War again transformed the law. As a signatory to the United Nations’ 1951 Refugee Convention and 1967 Protocol, Britain committed protection first to European war refugees, later to ‘all persons fleeing conflict and persecution’. Initially administered through resettlement programmes, from the 1970s individual asylum claims became more common. Demonisation of refugees as ‘queue jumping’ and ‘invading’ were already commonplace, then focusing on Asians fleeing east Africa.
Subjects of empire
Concepts of citizenship evolved radically after the second world war. The British Nationality Act 1948 granted all British subjects across the empire a right to abode in the UK and allowed English-speaking aliens ‘of good character’ to become naturalised citizens. Part reward for wartime service, part solution to labour shortages, it heralded mass migration to Britain, characterised by the passenger ship Empire Windrush.
Overtly racist backlash prompted rollbacks. The Commonwealth Immigrants Acts of 1962 and 1968 introduced new migration limits, ancestry rules for citizenship and work permit requirements – prompting Labour MP Charles Royle to accuse MPs of ‘voting for a colour bar’. The 1968 act first sanctioned deportation outside wartime.
A new ‘common wealth’
The Immigration Act 1971, introduced further immigration and employment restrictions for Commonwealth citizens, criminalised anyone breaking the new rules and shifted the onus onto individuals to prove their status – a root cause of the 2017 Windrush scandal. It came into force on 1 January 1973 – the same day that Britain joined the European Economic Community (later absorbed into the EU), granting reciprocal freedom of movement to worker citizens of other (predominantly white) member states. Anti-immigrant sentiment remained largely focused on non-Europeans – until Britain opened labour markets to citizens from new central and eastern Europe EU states, in 2004.
Fortress Britain
The British Nationality Act 1981 abolished ‘citizenship of the UK and colonies’ and created ‘British citizenship’, limited almost exclusively to those born in the UK to at least one citizen or settled parent (including, for the first time, the mother).
With citizenship redefined and post-cold war dynamics opening up new travel routes and conflict zones – including sites of western military intervention – British attention turned to the rising numbers of refugees. The Asylum Acts of 1993, 1996, 1999, 2002 and 2004 installed increasingly punitive processing, adjudication and ‘management’ procedures – including retractions of welfare supports and expansion of a privately-run detention estate.
From hostility to violence
The 2010-15 coalition government’s ‘hostile environment’ for illegal immigrants codified xenophobia.

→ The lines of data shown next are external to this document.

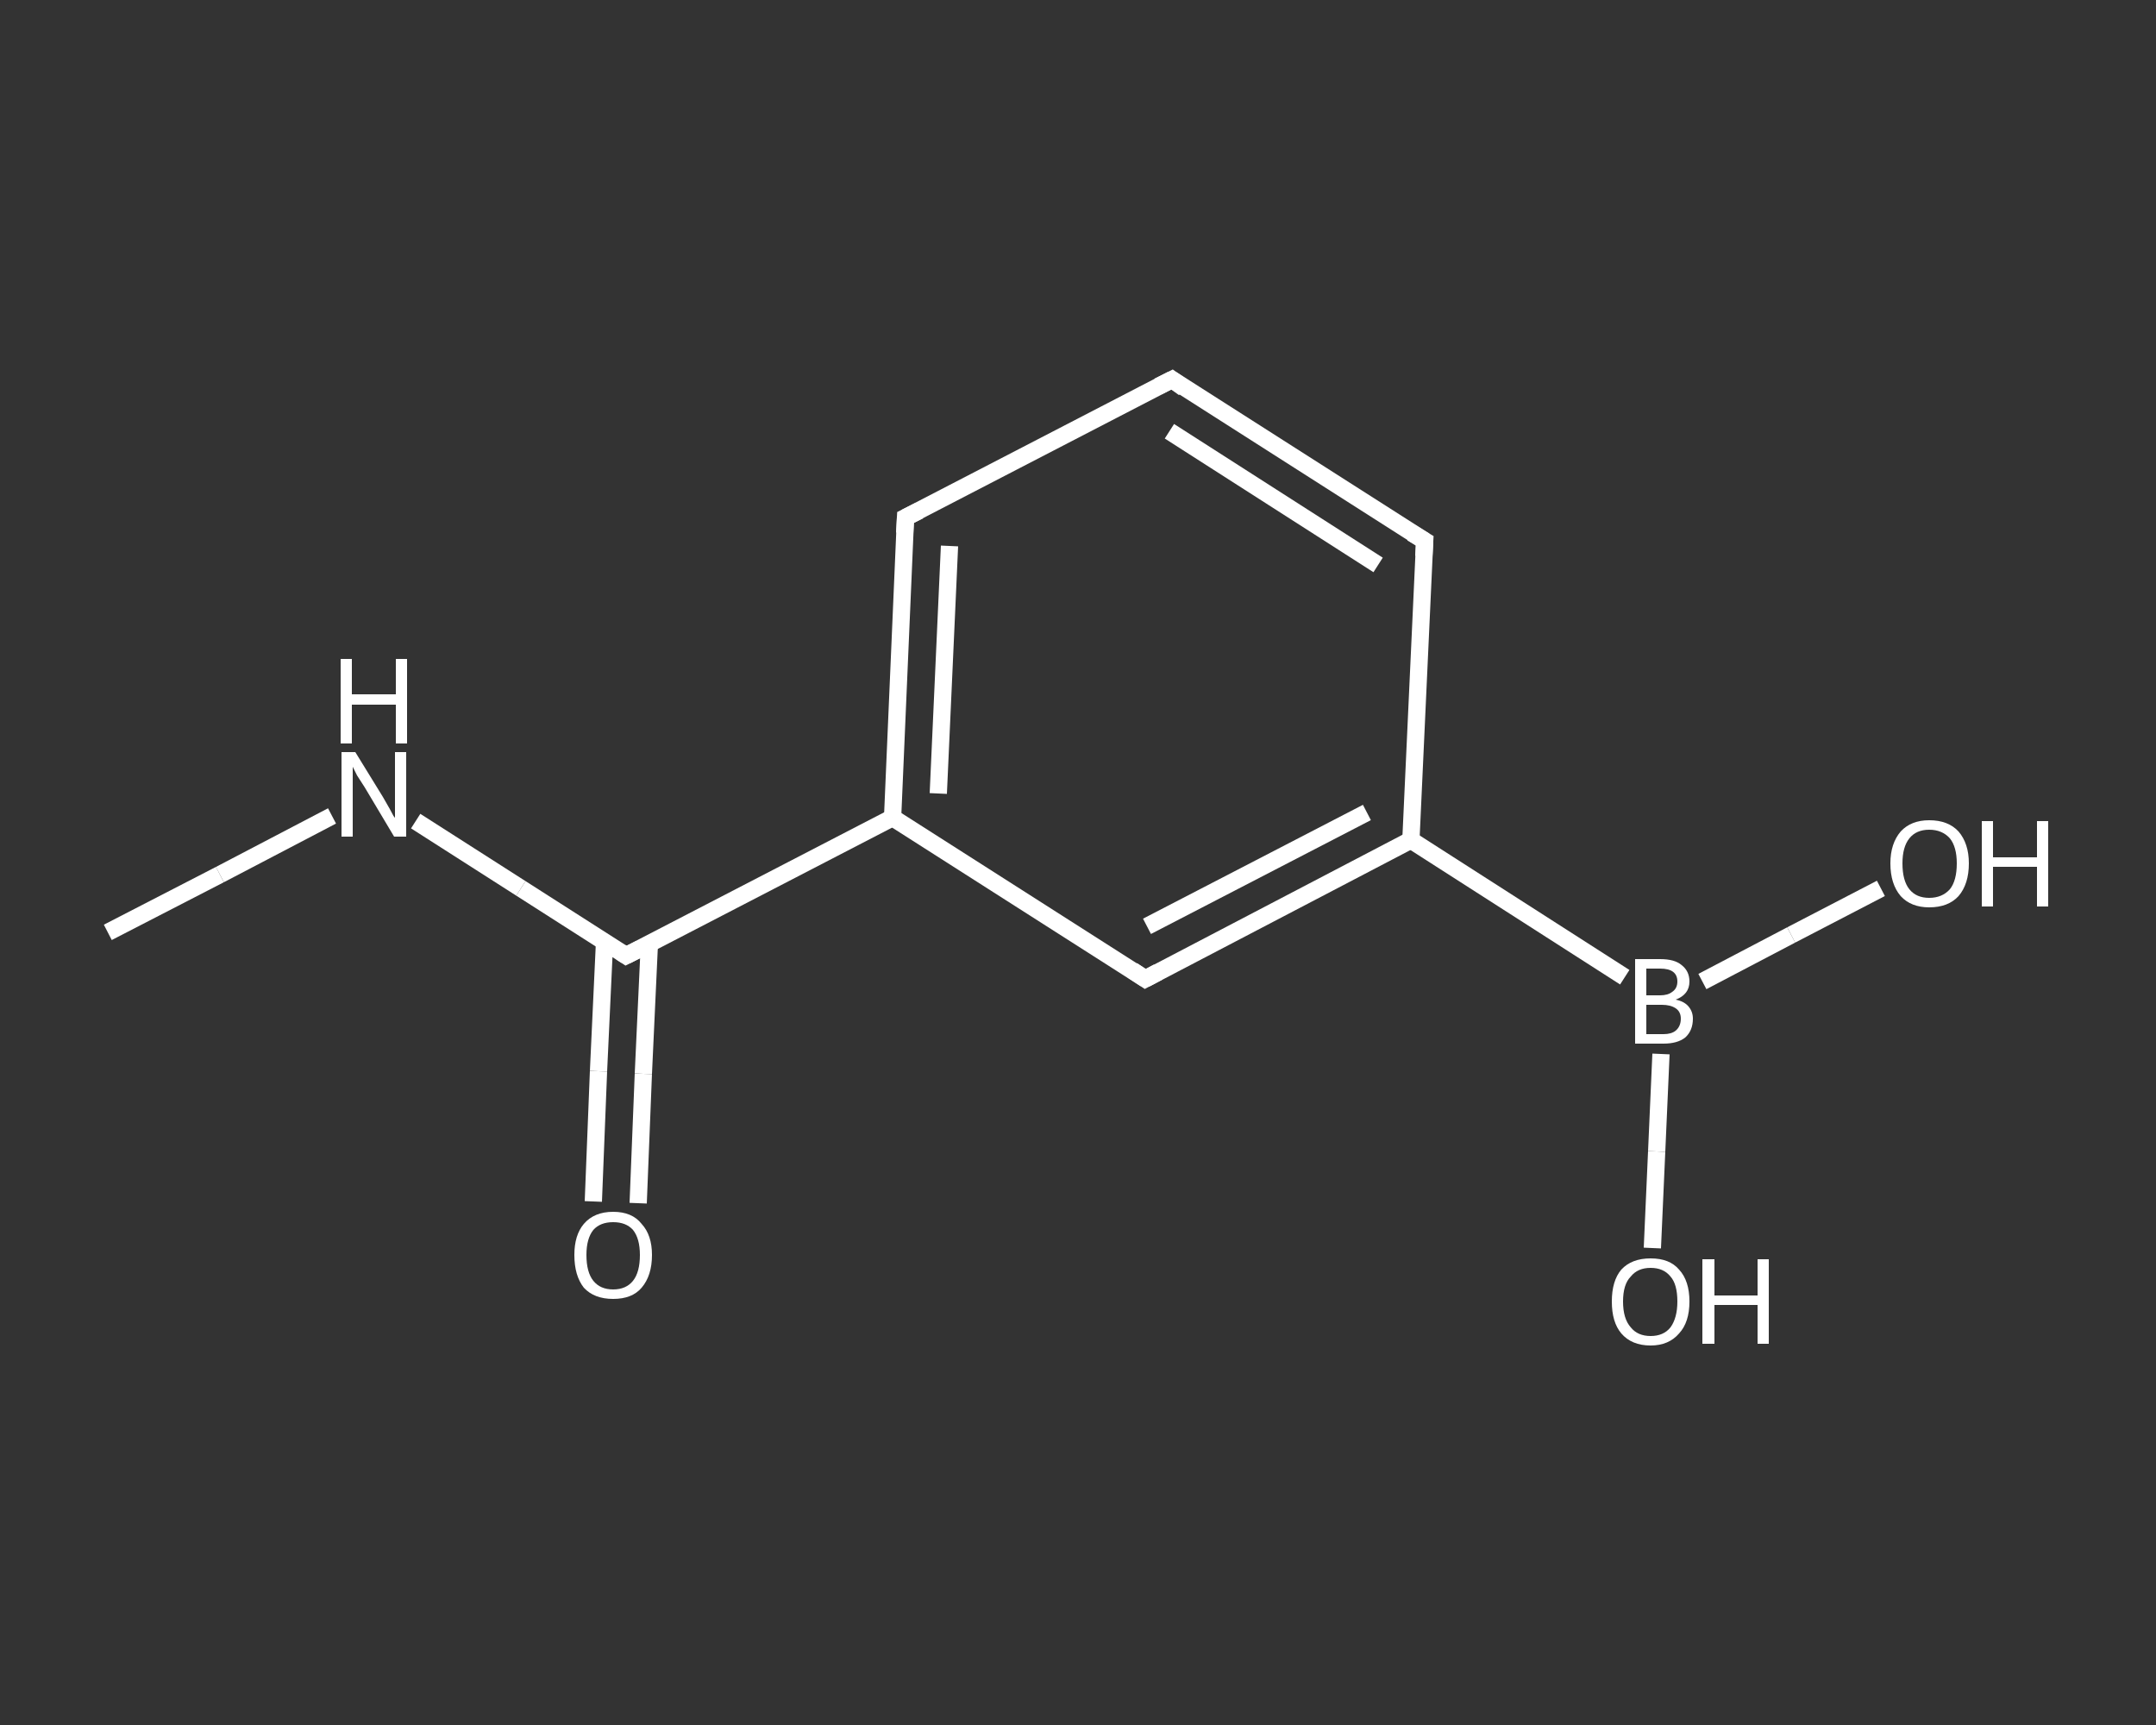 <?xml version='1.0' encoding='iso-8859-1'?>
<svg version='1.1' baseProfile='full'
              xmlns='http://www.w3.org/2000/svg'
                      xmlns:rdkit='http://www.rdkit.org/xml'
                      xmlns:xlink='http://www.w3.org/1999/xlink'
                  xml:space='preserve'
width='250px' height='200px' viewBox='0 0 250 200'>
<rect x="0" y="0" width="250" height="200" fill="#333333" stroke="none"/>
<!-- END OF HEADER -->
<rect style='opacity:1.0;fill:transparent;stroke:none' width='250.0' height='200.0' x='0.0' y='0.0'> </rect>
<path class='bond-0 atom-0 atom-1' d='M 12.5,108.1 L 25.5,101.4' style='fill:none;fill-rule:evenodd;stroke:#FFFFFF;stroke-width:2.0px;stroke-linecap:butt;stroke-linejoin:miter;stroke-opacity:1' />
<path class='bond-0 atom-0 atom-1' d='M 25.5,101.4 L 38.5,94.6' style='fill:none;fill-rule:evenodd;stroke:#FFFFFF;stroke-width:2.0px;stroke-linecap:butt;stroke-linejoin:miter;stroke-opacity:1' />
<path class='bond-1 atom-1 atom-2' d='M 48.2,95.2 L 60.4,103.0' style='fill:none;fill-rule:evenodd;stroke:#FFFFFF;stroke-width:2.0px;stroke-linecap:butt;stroke-linejoin:miter;stroke-opacity:1' />
<path class='bond-1 atom-1 atom-2' d='M 60.4,103.0 L 72.6,110.8' style='fill:none;fill-rule:evenodd;stroke:#FFFFFF;stroke-width:2.0px;stroke-linecap:butt;stroke-linejoin:miter;stroke-opacity:1' />
<path class='bond-2 atom-2 atom-3' d='M 70.1,109.2 L 69.4,124.2' style='fill:none;fill-rule:evenodd;stroke:#FFFFFF;stroke-width:2.0px;stroke-linecap:butt;stroke-linejoin:miter;stroke-opacity:1' />
<path class='bond-2 atom-2 atom-3' d='M 69.4,124.2 L 68.8,139.3' style='fill:none;fill-rule:evenodd;stroke:#FFFFFF;stroke-width:2.0px;stroke-linecap:butt;stroke-linejoin:miter;stroke-opacity:1' />
<path class='bond-2 atom-2 atom-3' d='M 75.3,109.4 L 74.6,124.5' style='fill:none;fill-rule:evenodd;stroke:#FFFFFF;stroke-width:2.0px;stroke-linecap:butt;stroke-linejoin:miter;stroke-opacity:1' />
<path class='bond-2 atom-2 atom-3' d='M 74.6,124.5 L 74.0,139.5' style='fill:none;fill-rule:evenodd;stroke:#FFFFFF;stroke-width:2.0px;stroke-linecap:butt;stroke-linejoin:miter;stroke-opacity:1' />
<path class='bond-3 atom-2 atom-4' d='M 72.6,110.8 L 103.5,94.8' style='fill:none;fill-rule:evenodd;stroke:#FFFFFF;stroke-width:2.0px;stroke-linecap:butt;stroke-linejoin:miter;stroke-opacity:1' />
<path class='bond-4 atom-4 atom-5' d='M 103.5,94.8 L 105.0,60.0' style='fill:none;fill-rule:evenodd;stroke:#FFFFFF;stroke-width:2.0px;stroke-linecap:butt;stroke-linejoin:miter;stroke-opacity:1' />
<path class='bond-4 atom-4 atom-5' d='M 108.8,92.0 L 110.1,63.3' style='fill:none;fill-rule:evenodd;stroke:#FFFFFF;stroke-width:2.0px;stroke-linecap:butt;stroke-linejoin:miter;stroke-opacity:1' />
<path class='bond-5 atom-5 atom-6' d='M 105.0,60.0 L 135.9,44.0' style='fill:none;fill-rule:evenodd;stroke:#FFFFFF;stroke-width:2.0px;stroke-linecap:butt;stroke-linejoin:miter;stroke-opacity:1' />
<path class='bond-6 atom-6 atom-7' d='M 135.9,44.0 L 165.2,62.7' style='fill:none;fill-rule:evenodd;stroke:#FFFFFF;stroke-width:2.0px;stroke-linecap:butt;stroke-linejoin:miter;stroke-opacity:1' />
<path class='bond-6 atom-6 atom-7' d='M 135.6,50.0 L 159.8,65.5' style='fill:none;fill-rule:evenodd;stroke:#FFFFFF;stroke-width:2.0px;stroke-linecap:butt;stroke-linejoin:miter;stroke-opacity:1' />
<path class='bond-7 atom-7 atom-8' d='M 165.2,62.7 L 163.6,97.4' style='fill:none;fill-rule:evenodd;stroke:#FFFFFF;stroke-width:2.0px;stroke-linecap:butt;stroke-linejoin:miter;stroke-opacity:1' />
<path class='bond-8 atom-8 atom-9' d='M 163.6,97.4 L 188.4,113.3' style='fill:none;fill-rule:evenodd;stroke:#FFFFFF;stroke-width:2.0px;stroke-linecap:butt;stroke-linejoin:miter;stroke-opacity:1' />
<path class='bond-9 atom-9 atom-10' d='M 192.6,122.2 L 192.1,133.5' style='fill:none;fill-rule:evenodd;stroke:#FFFFFF;stroke-width:2.0px;stroke-linecap:butt;stroke-linejoin:miter;stroke-opacity:1' />
<path class='bond-9 atom-9 atom-10' d='M 192.1,133.5 L 191.6,144.7' style='fill:none;fill-rule:evenodd;stroke:#FFFFFF;stroke-width:2.0px;stroke-linecap:butt;stroke-linejoin:miter;stroke-opacity:1' />
<path class='bond-10 atom-9 atom-11' d='M 197.4,113.8 L 207.7,108.4' style='fill:none;fill-rule:evenodd;stroke:#FFFFFF;stroke-width:2.0px;stroke-linecap:butt;stroke-linejoin:miter;stroke-opacity:1' />
<path class='bond-10 atom-9 atom-11' d='M 207.7,108.4 L 218.1,103.0' style='fill:none;fill-rule:evenodd;stroke:#FFFFFF;stroke-width:2.0px;stroke-linecap:butt;stroke-linejoin:miter;stroke-opacity:1' />
<path class='bond-11 atom-8 atom-12' d='M 163.6,97.4 L 132.8,113.5' style='fill:none;fill-rule:evenodd;stroke:#FFFFFF;stroke-width:2.0px;stroke-linecap:butt;stroke-linejoin:miter;stroke-opacity:1' />
<path class='bond-11 atom-8 atom-12' d='M 158.5,94.2 L 133.0,107.4' style='fill:none;fill-rule:evenodd;stroke:#FFFFFF;stroke-width:2.0px;stroke-linecap:butt;stroke-linejoin:miter;stroke-opacity:1' />
<path class='bond-12 atom-12 atom-4' d='M 132.8,113.5 L 103.5,94.8' style='fill:none;fill-rule:evenodd;stroke:#FFFFFF;stroke-width:2.0px;stroke-linecap:butt;stroke-linejoin:miter;stroke-opacity:1' />
<path d='M 72.0,110.4 L 72.6,110.8 L 74.2,110.0' style='fill:none;stroke:#FFFFFF;stroke-width:2.0px;stroke-linecap:butt;stroke-linejoin:miter;stroke-opacity:1;' />
<path d='M 104.9,61.8 L 105.0,60.0 L 106.6,59.2' style='fill:none;stroke:#FFFFFF;stroke-width:2.0px;stroke-linecap:butt;stroke-linejoin:miter;stroke-opacity:1;' />
<path d='M 134.3,44.8 L 135.9,44.0 L 137.3,45.0' style='fill:none;stroke:#FFFFFF;stroke-width:2.0px;stroke-linecap:butt;stroke-linejoin:miter;stroke-opacity:1;' />
<path d='M 163.7,61.8 L 165.2,62.7 L 165.1,64.5' style='fill:none;stroke:#FFFFFF;stroke-width:2.0px;stroke-linecap:butt;stroke-linejoin:miter;stroke-opacity:1;' />
<path d='M 134.3,112.7 L 132.8,113.5 L 131.3,112.5' style='fill:none;stroke:#FFFFFF;stroke-width:2.0px;stroke-linecap:butt;stroke-linejoin:miter;stroke-opacity:1;' />
<path class='atom-1' d='M 41.2 87.2
L 44.4 92.4
Q 44.7 92.9, 45.2 93.8
Q 45.7 94.8, 45.8 94.8
L 45.8 87.2
L 47.1 87.2
L 47.1 97.0
L 45.7 97.0
L 42.3 91.3
Q 41.9 90.7, 41.4 89.9
Q 41.0 89.1, 40.9 88.9
L 40.9 97.0
L 39.6 97.0
L 39.6 87.2
L 41.2 87.2
' fill='#FFFFFF'/>
<path class='atom-1' d='M 39.5 76.4
L 40.8 76.4
L 40.8 80.5
L 45.9 80.5
L 45.9 76.4
L 47.2 76.4
L 47.2 86.2
L 45.9 86.2
L 45.9 81.7
L 40.8 81.7
L 40.8 86.2
L 39.5 86.2
L 39.5 76.4
' fill='#FFFFFF'/>
<path class='atom-3' d='M 66.6 145.5
Q 66.6 143.2, 67.7 141.9
Q 68.9 140.5, 71.1 140.5
Q 73.3 140.5, 74.4 141.9
Q 75.6 143.2, 75.6 145.5
Q 75.6 147.9, 74.4 149.3
Q 73.3 150.6, 71.1 150.6
Q 68.9 150.6, 67.7 149.3
Q 66.6 147.9, 66.6 145.5
M 71.1 149.5
Q 72.6 149.5, 73.4 148.5
Q 74.2 147.5, 74.2 145.5
Q 74.2 143.6, 73.4 142.6
Q 72.6 141.7, 71.1 141.7
Q 69.6 141.7, 68.8 142.6
Q 68.0 143.6, 68.0 145.5
Q 68.0 147.5, 68.8 148.5
Q 69.6 149.5, 71.1 149.5
' fill='#FFFFFF'/>
<path class='atom-9' d='M 194.3 115.9
Q 195.3 116.1, 195.8 116.7
Q 196.3 117.3, 196.3 118.1
Q 196.3 119.5, 195.4 120.3
Q 194.5 121.0, 192.9 121.0
L 189.6 121.0
L 189.6 111.2
L 192.5 111.2
Q 194.2 111.2, 195.0 111.9
Q 195.9 112.6, 195.9 113.8
Q 195.9 115.3, 194.3 115.9
M 190.9 112.3
L 190.9 115.4
L 192.5 115.4
Q 193.4 115.4, 193.9 115.0
Q 194.5 114.6, 194.5 113.8
Q 194.5 112.3, 192.5 112.3
L 190.9 112.3
M 192.9 119.9
Q 193.8 119.9, 194.3 119.5
Q 194.9 119.0, 194.9 118.1
Q 194.9 117.3, 194.3 116.9
Q 193.7 116.5, 192.7 116.5
L 190.9 116.5
L 190.9 119.9
L 192.9 119.9
' fill='#FFFFFF'/>
<path class='atom-10' d='M 186.9 150.9
Q 186.9 148.5, 188.0 147.2
Q 189.2 145.9, 191.4 145.9
Q 193.6 145.9, 194.7 147.2
Q 195.9 148.5, 195.9 150.9
Q 195.9 153.3, 194.7 154.6
Q 193.5 156.0, 191.4 156.0
Q 189.2 156.0, 188.0 154.6
Q 186.9 153.3, 186.9 150.9
M 191.4 154.9
Q 192.9 154.9, 193.7 153.9
Q 194.5 152.8, 194.5 150.9
Q 194.5 148.9, 193.7 148.0
Q 192.9 147.0, 191.4 147.0
Q 189.9 147.0, 189.1 148.0
Q 188.2 148.9, 188.2 150.9
Q 188.2 152.9, 189.1 153.9
Q 189.9 154.9, 191.4 154.9
' fill='#FFFFFF'/>
<path class='atom-10' d='M 197.4 146.0
L 198.8 146.0
L 198.8 150.2
L 203.8 150.2
L 203.8 146.0
L 205.1 146.0
L 205.1 155.8
L 203.8 155.8
L 203.8 151.3
L 198.8 151.3
L 198.8 155.8
L 197.4 155.8
L 197.4 146.0
' fill='#FFFFFF'/>
<path class='atom-11' d='M 219.2 100.1
Q 219.2 97.8, 220.4 96.4
Q 221.6 95.1, 223.7 95.1
Q 225.9 95.1, 227.1 96.4
Q 228.3 97.8, 228.3 100.1
Q 228.3 102.5, 227.1 103.9
Q 225.9 105.2, 223.7 105.2
Q 221.6 105.2, 220.4 103.9
Q 219.2 102.5, 219.2 100.1
M 223.7 104.1
Q 225.2 104.1, 226.1 103.1
Q 226.9 102.1, 226.9 100.1
Q 226.9 98.2, 226.1 97.2
Q 225.2 96.2, 223.7 96.2
Q 222.2 96.2, 221.4 97.2
Q 220.6 98.2, 220.6 100.1
Q 220.6 102.1, 221.4 103.1
Q 222.2 104.1, 223.7 104.1
' fill='#FFFFFF'/>
<path class='atom-11' d='M 229.8 95.2
L 231.1 95.2
L 231.1 99.4
L 236.2 99.4
L 236.2 95.2
L 237.5 95.2
L 237.5 105.1
L 236.2 105.1
L 236.2 100.5
L 231.1 100.5
L 231.1 105.1
L 229.8 105.1
L 229.8 95.2
' fill='#FFFFFF'/>
</svg>

Immigration Acts of 2014 and 2016 mandated widespread ID checks – turning employers, landlords and healthcare providers into immigration officials. This led to unlawful deportations, including among the ‘Windrush generation’.
The Brexit referendum emboldened post-2016 governments to tighten visa restrictions, curtailing legal routes for migrants. The Nationality and Borders Act 2021 and related ‘Rwanda plan’, superseded by the Illegal Migration Act 2023, all break international law recognising refugees’ right to choose and enter a country irregularly, and protecting against deportation to a country where they face ‘threat to their life or freedom’. Each act lays the groundwork for embedding racism even deeper into law.